Record set
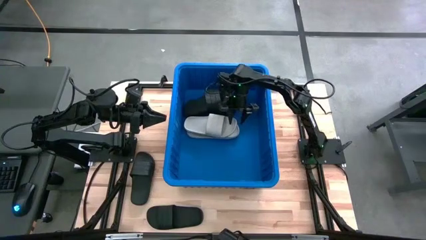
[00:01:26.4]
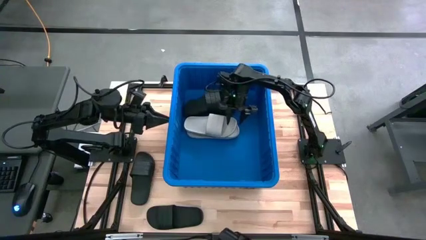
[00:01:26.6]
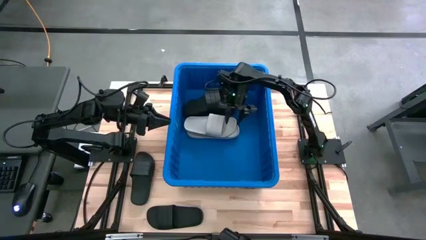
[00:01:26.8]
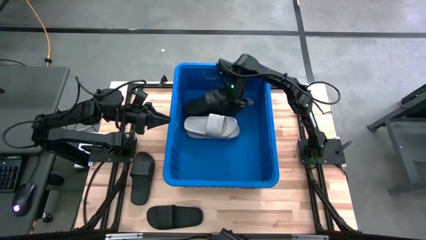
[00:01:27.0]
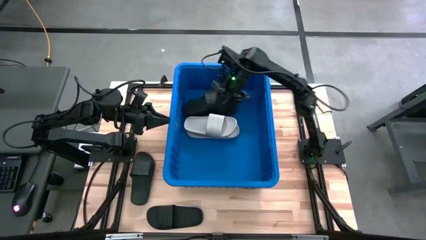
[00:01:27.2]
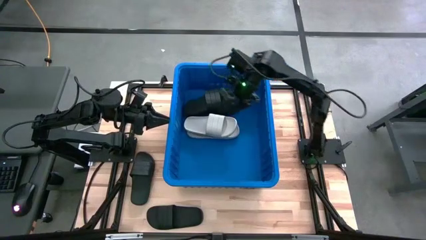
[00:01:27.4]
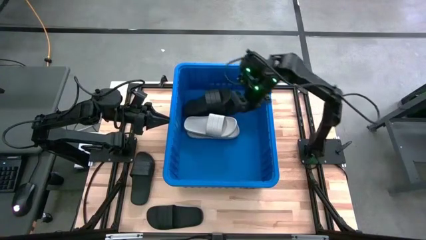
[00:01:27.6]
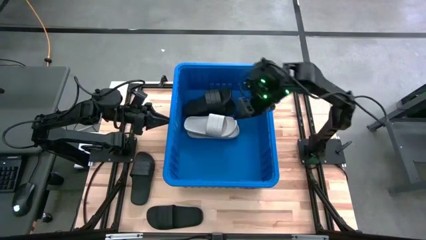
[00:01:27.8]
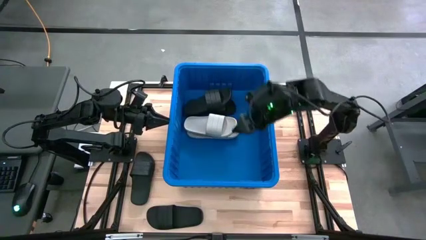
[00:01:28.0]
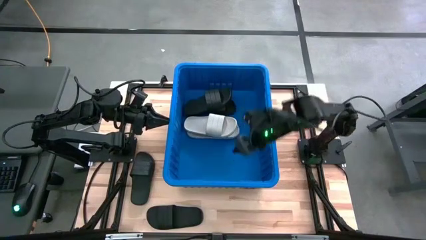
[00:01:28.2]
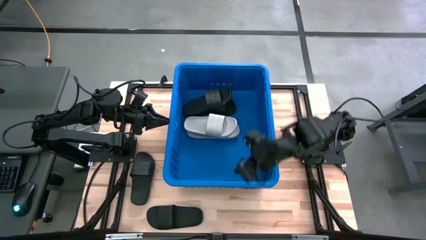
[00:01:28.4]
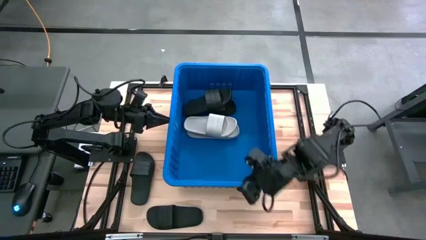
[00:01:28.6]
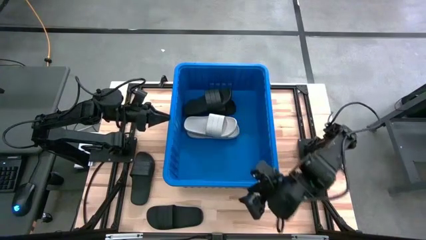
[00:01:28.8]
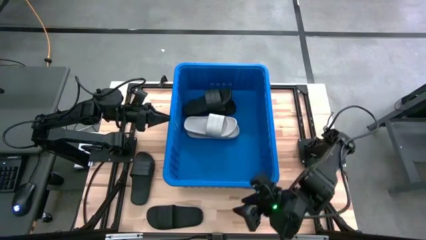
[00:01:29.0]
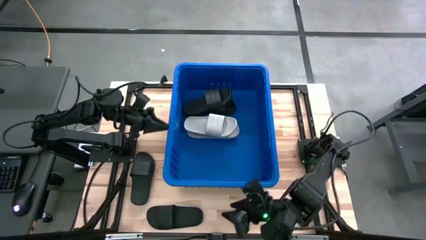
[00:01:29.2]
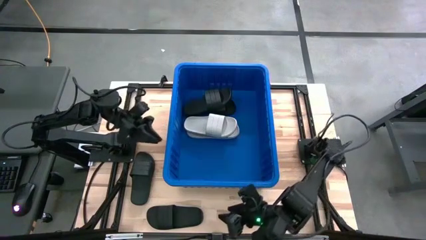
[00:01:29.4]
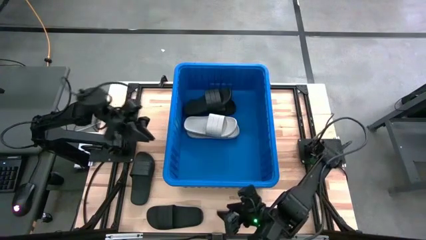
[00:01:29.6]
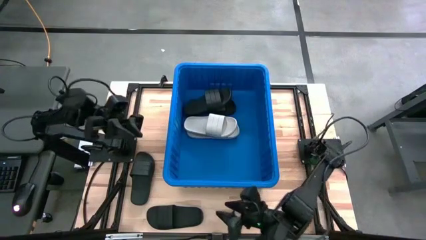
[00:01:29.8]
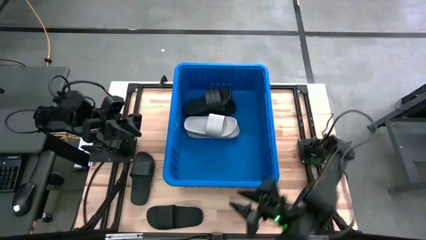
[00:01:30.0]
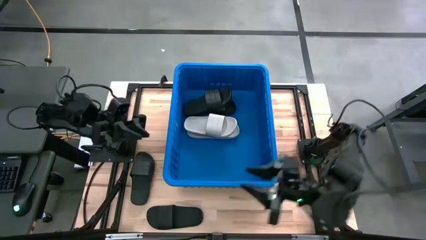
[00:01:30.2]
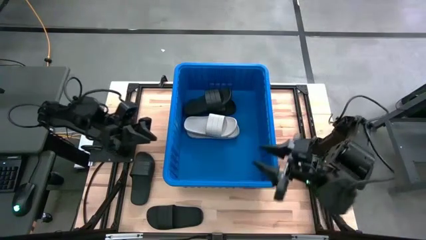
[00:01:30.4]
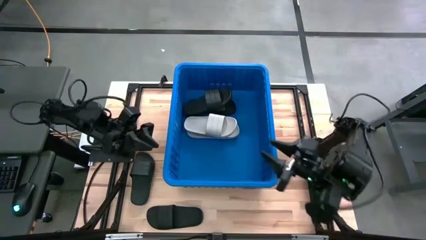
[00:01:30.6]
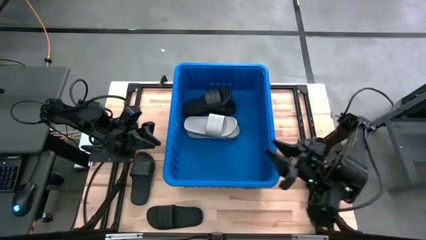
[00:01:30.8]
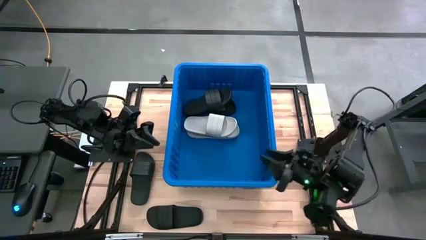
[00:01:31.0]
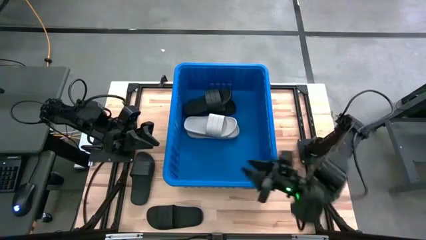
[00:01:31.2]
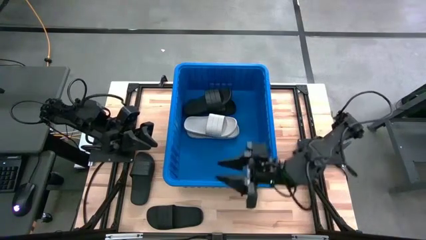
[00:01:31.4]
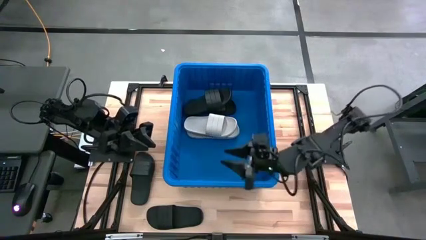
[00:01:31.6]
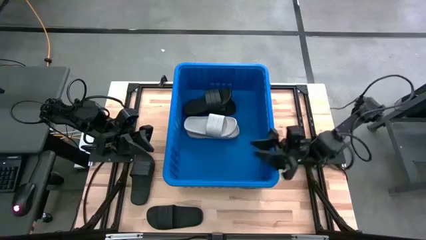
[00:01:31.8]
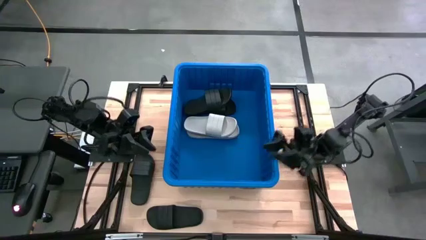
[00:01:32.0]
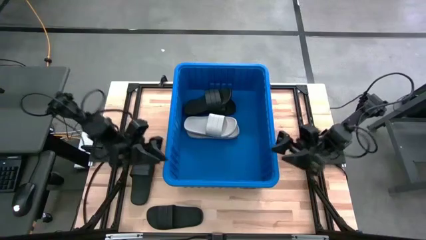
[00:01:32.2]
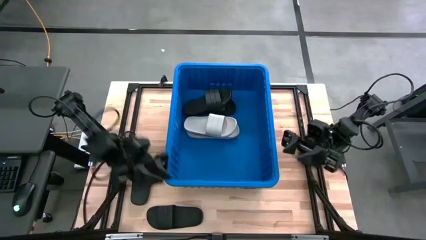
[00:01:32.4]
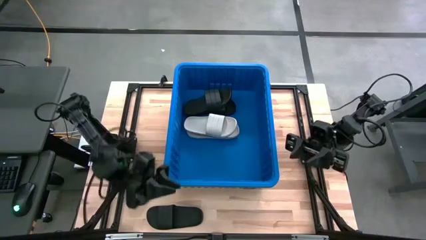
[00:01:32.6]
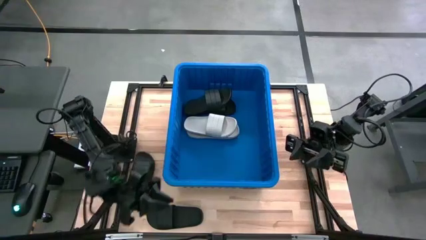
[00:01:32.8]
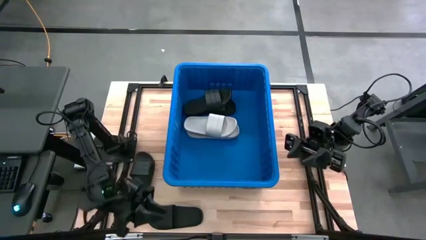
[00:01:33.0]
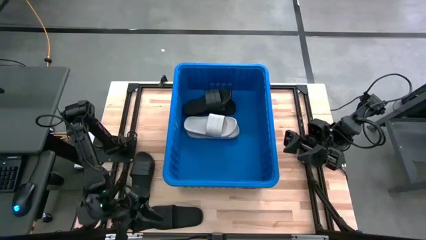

Your objective
Reproduce exactly, with nothing added, the lines from the line with "[00:01:30.8]" through the end of the entries above; pictures are to be left out.

Response area
[00:01:30.8]
[00:01:31.0]
[00:01:31.2]
[00:01:31.4]
[00:01:31.6]
[00:01:31.8]
[00:01:32.0]
[00:01:32.2]
[00:01:32.4]
[00:01:32.6]
[00:01:32.8]
[00:01:33.0]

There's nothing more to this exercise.